Ted David has worked at CNBC since the business network launched in 1989. He likes his colleagues. Respects his bosses. Enjoys his current gig as a senior anchor of CNBC Business Radio. But when his contract with the network is up this spring, Mr. David will cast his eyes longingly in the direction of a fledging rival.
He would like someday soon to work at the Fox Business Network (FBN).
“I cannot imagine a more tempting possibility,” Mr. David told NYTV when reached by phone. A few days earlier, the industry-news blog TV Newser had reported rumors that Mr. David had been seen recently at the Fox News headquarters. Mr. David denied it, but was far from coy about his interest in FBN.
So why would a seasoned newsman, happy with his current job at the dominant national business network, contemplate jumping to an unproven rival?
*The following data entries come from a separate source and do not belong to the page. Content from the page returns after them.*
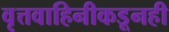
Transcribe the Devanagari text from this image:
वृत्तवाहिनीकडूनही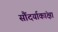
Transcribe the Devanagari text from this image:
सौंदर्याकांक्षा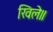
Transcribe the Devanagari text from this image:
खिले॥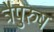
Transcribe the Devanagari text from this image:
त्रैपुरुष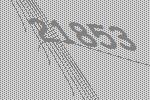
21853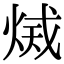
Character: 𤉫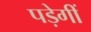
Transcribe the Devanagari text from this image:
पड़ेगीं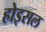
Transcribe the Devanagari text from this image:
होइसल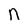
Character: n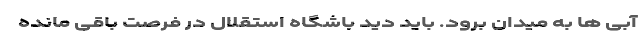
آبی ها به میدان برود. باید دید باشگاه استقلال در فرصت باقی مانده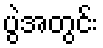
ပွဲအတွင်း

Mr. David spoke fondly of the long-ago days of CNBC’s infancy, and sounded eager to participate in another start-up. He added that he has “a lot of friends” at FBN, mentioning Alexis Glick, a former CNBC contributor who’s now FBN’s director of business news, and Kevin Magee, FBN’s executive vice president, with whom Mr. David used to work at ABC News. But mostly, Mr. David made clear, his interest in FBN, which is set to launch next month, comes down to one man:
Mr. Ailes served as president of CNBC for several years in the mid-90’s. He is generally credited with pumping up ratings, making the network profitable and instituting a successful strategy of packing prime time with talk shows. In 1996, he left CNBC to help launch Rupert Murdoch’s Fox News Channel. In the public imagination, Mr. Ailes’ success at Fox News has long since eclipsed his role in reviving CNBC. Not so among his former colleagues at CNBC.
“I watched him transform CNBC,” said Mr. David. “The guy is a genius. Before I leave this business I want to work for him again.”
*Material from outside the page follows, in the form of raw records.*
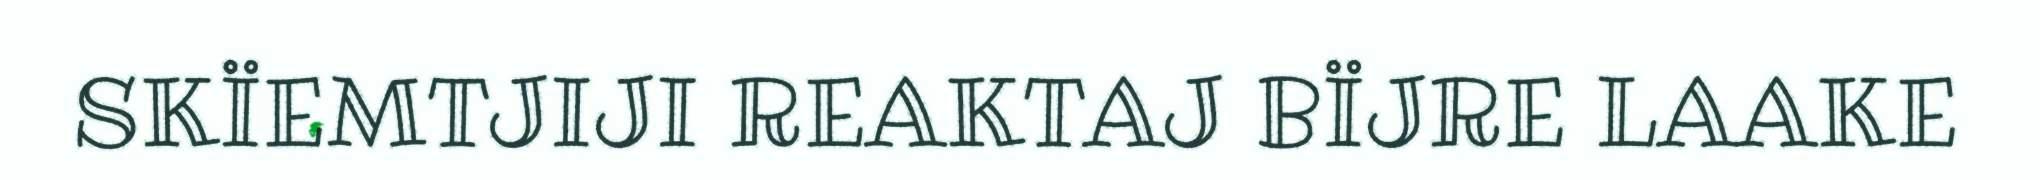
SKÏEMTJIJI REAKTAJ BÏJRE LAAKE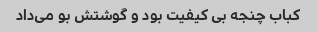
کباب چنجه بی کیفیت بود و گوشتش بو می‌داد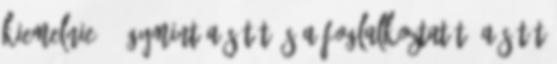
kiemelnie: .úgymint a sétát és a foglalkoztatót. A sétát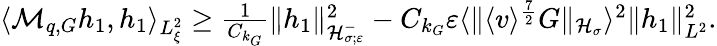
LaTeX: \begin{array}{r}{\langle\mathcal M_{q,G}h_{1},h_{1}\rangle_{L_{\xi}^{2}}\geq\frac{1}{C_{k_{G}}}\| h_{1}\| _{\mathcal H_{\sigma;\varepsilon}^{-}}^{2}-C_{k_{G}}\varepsilon\langle\| \langle v\rangle^{\frac{7}{2}}G\| _{\mathcal H_{\sigma}}\rangle^{2}\| h_{1}\| _{L^{2}}^{2}.}\end{array}
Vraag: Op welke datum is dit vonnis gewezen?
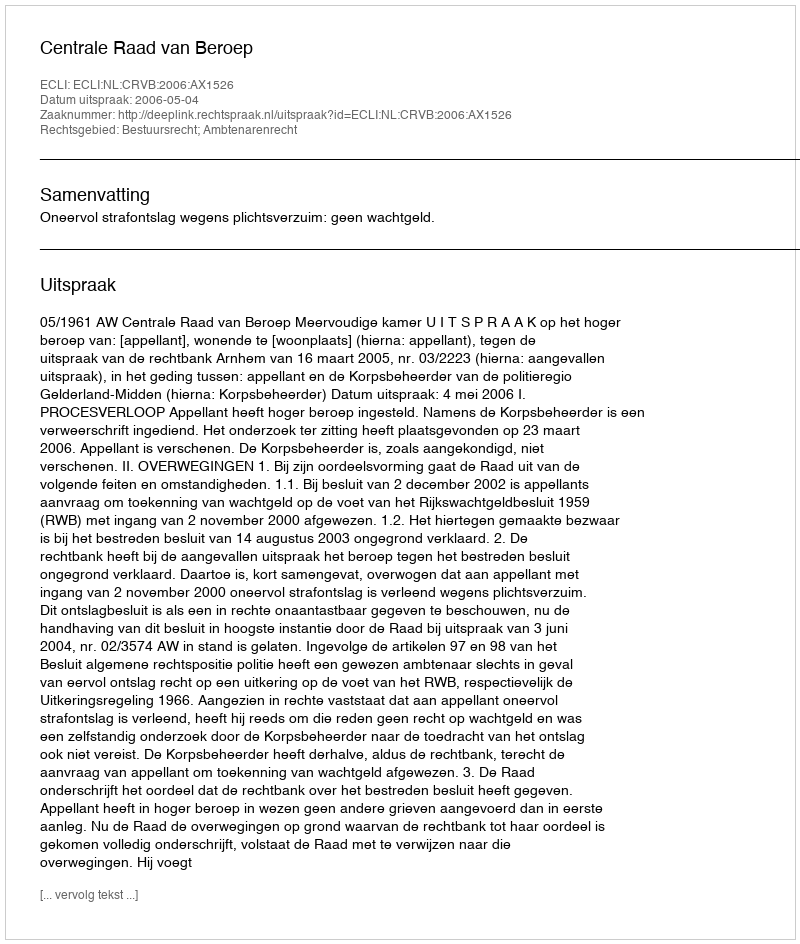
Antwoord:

To date, Fox execs have said little in public about their vision for the new network, nor about their strategy for taking on CNBC. Mr. David said he had heard of no specific plans for FBN. His attraction is based on faith. “Anybody who tries to second-guess Roger Ailes is nuts,” he said. “I’m sure whatever it is, it’s carefully thought out and he knows exactly what he’s doing. I know what kind of a great mind he has in terms of running television.”
In preparing for the challenge from FBN, CNBC has recently improved its on-air graphics, beefed up its online presence and cultivated a number of hit personality and talk shows—most notably, Mad Money With Jim Cramer.
Still, doubts persist about CNBC’s programming strategy. Not long ago, in an apparent attempt to break new ground, the network aired a game show of sorts: Fast Money MBA Challenge, in which teams of business-school students square off in Jeopardy-style competitions. But ratings were lackluster and did little to inspire much faith in the network brass’ ability to create hits.
“The general feeling is that Fox will crush CNBC,” one pessimistic CNBC staffer told NYTV. “Politics aside, Ailes is worshiped. The leadership here is in total denial.”
“That’s nonsense,” said a CNBC spokesperson. “Sounds like someone who hasn’t been in the newsroom.”